#### [The data]
○ ○ ○
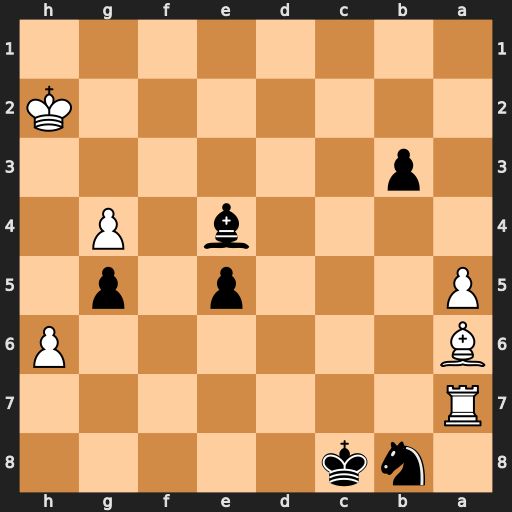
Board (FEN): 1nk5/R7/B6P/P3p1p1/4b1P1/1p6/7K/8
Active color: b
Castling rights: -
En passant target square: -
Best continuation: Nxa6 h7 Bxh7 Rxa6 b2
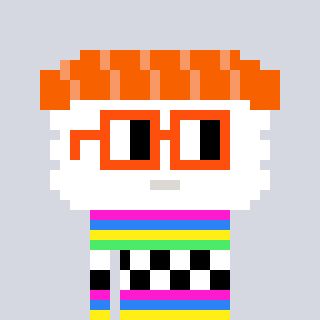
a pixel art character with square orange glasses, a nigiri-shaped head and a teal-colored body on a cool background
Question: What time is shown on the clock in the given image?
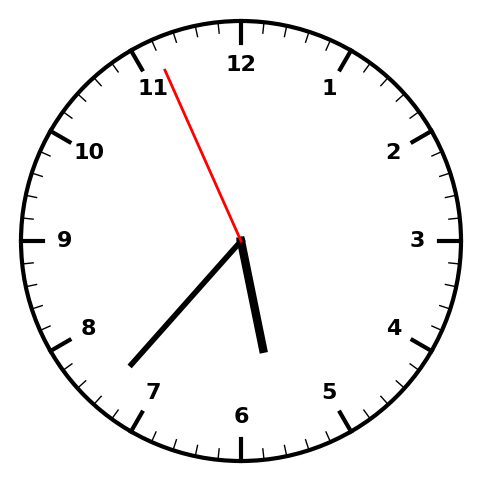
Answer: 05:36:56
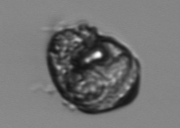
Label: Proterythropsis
○ ○ ○
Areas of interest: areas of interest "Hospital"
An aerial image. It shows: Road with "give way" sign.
○ ○ ○
Find and show each line of the listing with the word "image".

Question: What time is shown on the clock in the given image?
An aerial image. It shows: Road with "give way" sign.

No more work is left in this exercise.